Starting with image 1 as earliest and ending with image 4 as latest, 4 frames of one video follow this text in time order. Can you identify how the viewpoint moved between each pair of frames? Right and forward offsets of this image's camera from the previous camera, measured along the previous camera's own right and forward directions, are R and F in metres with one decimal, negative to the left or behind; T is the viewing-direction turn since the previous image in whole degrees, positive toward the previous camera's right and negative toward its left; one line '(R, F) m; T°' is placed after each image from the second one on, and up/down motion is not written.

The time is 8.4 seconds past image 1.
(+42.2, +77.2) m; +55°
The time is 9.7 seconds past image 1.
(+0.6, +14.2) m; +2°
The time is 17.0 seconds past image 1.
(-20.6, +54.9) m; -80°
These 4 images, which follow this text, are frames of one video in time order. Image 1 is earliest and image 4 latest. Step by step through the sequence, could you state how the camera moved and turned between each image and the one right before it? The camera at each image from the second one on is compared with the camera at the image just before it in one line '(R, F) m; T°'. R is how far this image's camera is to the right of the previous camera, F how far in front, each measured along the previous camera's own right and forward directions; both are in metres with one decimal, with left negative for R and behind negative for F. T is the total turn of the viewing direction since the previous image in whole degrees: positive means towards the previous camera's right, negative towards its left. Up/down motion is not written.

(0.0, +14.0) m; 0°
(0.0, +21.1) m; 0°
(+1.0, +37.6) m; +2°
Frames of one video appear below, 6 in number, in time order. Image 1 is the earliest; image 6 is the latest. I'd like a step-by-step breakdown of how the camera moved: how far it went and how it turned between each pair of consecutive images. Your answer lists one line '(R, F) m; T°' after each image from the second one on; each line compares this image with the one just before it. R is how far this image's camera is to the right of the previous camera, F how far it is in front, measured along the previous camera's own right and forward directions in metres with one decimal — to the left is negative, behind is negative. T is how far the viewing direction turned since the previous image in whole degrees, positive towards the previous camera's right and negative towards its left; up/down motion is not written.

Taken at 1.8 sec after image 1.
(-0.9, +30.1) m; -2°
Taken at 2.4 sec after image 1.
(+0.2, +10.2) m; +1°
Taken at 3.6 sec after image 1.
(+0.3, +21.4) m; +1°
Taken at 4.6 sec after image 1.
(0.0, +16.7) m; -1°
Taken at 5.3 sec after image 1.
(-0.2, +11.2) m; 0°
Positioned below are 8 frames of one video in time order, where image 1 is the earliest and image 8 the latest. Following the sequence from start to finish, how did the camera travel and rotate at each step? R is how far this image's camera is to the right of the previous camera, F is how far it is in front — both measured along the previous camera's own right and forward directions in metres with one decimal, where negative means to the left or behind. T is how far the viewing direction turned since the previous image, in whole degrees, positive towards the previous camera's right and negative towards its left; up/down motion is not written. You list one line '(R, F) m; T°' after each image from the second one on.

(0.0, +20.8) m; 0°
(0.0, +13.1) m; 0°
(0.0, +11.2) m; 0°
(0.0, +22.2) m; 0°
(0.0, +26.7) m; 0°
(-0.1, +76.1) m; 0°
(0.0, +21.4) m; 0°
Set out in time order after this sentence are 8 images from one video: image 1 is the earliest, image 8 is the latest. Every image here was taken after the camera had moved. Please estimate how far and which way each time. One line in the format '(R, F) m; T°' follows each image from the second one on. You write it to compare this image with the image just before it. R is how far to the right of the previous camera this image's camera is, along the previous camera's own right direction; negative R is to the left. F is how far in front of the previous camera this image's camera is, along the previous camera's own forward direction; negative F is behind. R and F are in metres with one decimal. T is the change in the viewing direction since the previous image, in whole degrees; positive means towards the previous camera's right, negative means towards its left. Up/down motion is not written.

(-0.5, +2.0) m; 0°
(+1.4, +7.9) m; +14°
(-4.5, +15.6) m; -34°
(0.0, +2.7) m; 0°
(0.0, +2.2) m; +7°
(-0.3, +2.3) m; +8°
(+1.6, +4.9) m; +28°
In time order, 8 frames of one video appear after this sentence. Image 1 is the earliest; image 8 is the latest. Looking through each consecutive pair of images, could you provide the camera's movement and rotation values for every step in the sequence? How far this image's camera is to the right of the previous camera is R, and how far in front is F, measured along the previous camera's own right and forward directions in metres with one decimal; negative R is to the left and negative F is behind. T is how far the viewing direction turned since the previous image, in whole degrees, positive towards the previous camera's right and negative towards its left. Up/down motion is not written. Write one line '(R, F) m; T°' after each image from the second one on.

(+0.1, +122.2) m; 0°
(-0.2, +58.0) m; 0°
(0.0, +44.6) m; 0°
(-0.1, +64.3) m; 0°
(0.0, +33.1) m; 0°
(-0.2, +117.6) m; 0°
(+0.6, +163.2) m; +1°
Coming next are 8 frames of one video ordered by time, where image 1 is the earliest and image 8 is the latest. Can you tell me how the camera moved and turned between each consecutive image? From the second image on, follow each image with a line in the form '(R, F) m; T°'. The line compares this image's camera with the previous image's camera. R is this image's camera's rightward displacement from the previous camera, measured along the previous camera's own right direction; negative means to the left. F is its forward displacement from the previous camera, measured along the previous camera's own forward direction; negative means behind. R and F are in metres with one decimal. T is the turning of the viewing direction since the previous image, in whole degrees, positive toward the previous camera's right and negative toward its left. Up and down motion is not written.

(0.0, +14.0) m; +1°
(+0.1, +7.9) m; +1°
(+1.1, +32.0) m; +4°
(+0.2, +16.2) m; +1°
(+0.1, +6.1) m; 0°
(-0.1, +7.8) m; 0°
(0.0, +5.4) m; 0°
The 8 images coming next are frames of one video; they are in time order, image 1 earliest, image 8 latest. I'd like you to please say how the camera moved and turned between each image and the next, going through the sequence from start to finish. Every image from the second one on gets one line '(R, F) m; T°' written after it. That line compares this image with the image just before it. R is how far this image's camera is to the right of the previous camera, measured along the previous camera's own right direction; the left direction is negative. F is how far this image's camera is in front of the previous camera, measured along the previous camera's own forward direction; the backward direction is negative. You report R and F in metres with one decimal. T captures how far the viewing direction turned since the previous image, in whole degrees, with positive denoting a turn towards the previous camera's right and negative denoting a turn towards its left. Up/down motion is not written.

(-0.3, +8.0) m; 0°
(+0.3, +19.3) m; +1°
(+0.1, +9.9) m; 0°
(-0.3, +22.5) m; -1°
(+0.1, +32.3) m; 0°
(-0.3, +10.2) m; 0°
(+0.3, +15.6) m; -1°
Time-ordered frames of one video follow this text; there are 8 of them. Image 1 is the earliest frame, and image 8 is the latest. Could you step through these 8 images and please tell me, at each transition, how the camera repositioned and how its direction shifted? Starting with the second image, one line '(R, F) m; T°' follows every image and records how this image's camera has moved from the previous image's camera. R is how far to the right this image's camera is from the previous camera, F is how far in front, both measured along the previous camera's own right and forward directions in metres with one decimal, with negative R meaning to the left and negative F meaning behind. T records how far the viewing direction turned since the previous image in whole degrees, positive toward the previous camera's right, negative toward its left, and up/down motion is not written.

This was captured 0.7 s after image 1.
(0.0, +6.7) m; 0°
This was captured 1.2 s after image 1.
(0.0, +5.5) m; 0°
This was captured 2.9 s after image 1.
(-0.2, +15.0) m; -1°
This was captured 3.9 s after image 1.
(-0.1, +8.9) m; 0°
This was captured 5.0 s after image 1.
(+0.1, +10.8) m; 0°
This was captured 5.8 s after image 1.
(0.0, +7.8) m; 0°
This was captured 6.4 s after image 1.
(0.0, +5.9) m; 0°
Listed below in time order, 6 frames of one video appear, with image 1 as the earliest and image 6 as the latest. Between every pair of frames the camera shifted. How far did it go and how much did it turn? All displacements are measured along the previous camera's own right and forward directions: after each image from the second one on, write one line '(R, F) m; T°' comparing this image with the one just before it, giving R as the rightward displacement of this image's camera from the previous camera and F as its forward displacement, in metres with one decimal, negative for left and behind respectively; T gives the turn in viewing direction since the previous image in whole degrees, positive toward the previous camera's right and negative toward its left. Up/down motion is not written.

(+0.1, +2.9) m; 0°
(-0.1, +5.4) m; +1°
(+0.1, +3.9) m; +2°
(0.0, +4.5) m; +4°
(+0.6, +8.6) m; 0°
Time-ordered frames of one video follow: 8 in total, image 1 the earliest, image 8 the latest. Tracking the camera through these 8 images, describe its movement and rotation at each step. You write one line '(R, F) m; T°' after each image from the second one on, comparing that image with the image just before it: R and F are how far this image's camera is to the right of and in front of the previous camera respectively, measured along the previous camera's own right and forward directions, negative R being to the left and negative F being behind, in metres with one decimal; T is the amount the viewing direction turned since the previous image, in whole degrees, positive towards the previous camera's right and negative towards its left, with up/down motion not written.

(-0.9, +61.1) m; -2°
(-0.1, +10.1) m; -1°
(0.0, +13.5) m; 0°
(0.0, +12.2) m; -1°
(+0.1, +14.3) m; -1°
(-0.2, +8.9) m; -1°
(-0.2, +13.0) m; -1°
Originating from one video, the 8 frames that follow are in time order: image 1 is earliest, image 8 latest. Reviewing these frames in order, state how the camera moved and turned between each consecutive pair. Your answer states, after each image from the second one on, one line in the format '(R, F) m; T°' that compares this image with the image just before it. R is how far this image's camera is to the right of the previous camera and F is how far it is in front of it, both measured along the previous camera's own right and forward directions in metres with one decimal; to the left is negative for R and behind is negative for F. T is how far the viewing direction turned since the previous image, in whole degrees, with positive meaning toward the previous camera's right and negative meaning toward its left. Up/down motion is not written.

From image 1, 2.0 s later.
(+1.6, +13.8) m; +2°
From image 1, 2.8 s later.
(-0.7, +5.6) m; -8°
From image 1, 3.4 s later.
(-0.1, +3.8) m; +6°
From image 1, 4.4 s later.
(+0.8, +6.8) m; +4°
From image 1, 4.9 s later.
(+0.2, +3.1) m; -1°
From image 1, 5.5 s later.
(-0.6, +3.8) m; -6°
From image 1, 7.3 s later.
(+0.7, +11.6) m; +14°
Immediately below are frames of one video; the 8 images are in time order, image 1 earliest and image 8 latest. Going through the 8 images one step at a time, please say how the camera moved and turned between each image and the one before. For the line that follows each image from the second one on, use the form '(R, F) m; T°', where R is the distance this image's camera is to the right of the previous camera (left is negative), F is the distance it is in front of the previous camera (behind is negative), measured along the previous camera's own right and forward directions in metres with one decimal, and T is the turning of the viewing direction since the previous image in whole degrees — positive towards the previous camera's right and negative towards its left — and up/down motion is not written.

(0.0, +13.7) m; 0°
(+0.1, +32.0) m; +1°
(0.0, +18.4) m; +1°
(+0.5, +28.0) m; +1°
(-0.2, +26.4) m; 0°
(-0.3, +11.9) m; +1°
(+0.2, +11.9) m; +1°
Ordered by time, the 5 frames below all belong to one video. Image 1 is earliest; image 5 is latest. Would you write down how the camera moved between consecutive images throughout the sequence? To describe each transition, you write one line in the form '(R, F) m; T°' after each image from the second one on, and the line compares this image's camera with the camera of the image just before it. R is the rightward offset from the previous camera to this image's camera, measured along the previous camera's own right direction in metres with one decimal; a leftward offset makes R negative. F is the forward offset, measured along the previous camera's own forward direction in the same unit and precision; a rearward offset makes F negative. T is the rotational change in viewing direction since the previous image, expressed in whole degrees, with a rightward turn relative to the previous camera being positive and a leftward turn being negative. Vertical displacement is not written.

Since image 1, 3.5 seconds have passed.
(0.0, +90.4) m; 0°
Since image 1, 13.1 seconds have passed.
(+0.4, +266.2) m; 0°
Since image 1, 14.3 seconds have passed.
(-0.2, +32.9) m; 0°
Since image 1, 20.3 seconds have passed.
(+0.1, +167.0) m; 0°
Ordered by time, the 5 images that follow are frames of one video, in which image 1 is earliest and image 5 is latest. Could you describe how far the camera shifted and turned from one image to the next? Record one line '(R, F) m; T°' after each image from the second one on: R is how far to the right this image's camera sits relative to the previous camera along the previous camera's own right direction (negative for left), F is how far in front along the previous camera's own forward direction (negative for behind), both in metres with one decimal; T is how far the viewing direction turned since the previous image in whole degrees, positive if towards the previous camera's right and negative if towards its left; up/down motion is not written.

****************

Exercise requirements:
Every line in the data above that contains "Starting" needs to be copied.

Response to the exercise:
Starting with image 1 as earliest and ending with image 4 as latest, 4 frames of one video follow this text in time order. Can you identify how the viewpoint moved between each pair of frames? Right and forward offsets of this image's camera from the previous camera, measured along the previous camera's own right and forward directions, are R and F in metres with one decimal, negative to the left or behind; T is the viewing-direction turn since the previous image in whole degrees, positive toward the previous camera's right and negative toward its left; one line '(R, F) m; T°' is placed after each image from the second one on, and up/down motion is not written.
Time-ordered frames of one video follow this text; there are 8 of them. Image 1 is the earliest frame, and image 8 is the latest. Could you step through these 8 images and please tell me, at each transition, how the camera repositioned and how its direction shifted? Starting with the second image, one line '(R, F) m; T°' follows every image and records how this image's camera has moved from the previous image's camera. R is how far to the right this image's camera is from the previous camera, F is how far in front, both measured along the previous camera's own right and forward directions in metres with one decimal, with negative R meaning to the left and negative F meaning behind. T records how far the viewing direction turned since the previous image in whole degrees, positive toward the previous camera's right, negative toward its left, and up/down motion is not written.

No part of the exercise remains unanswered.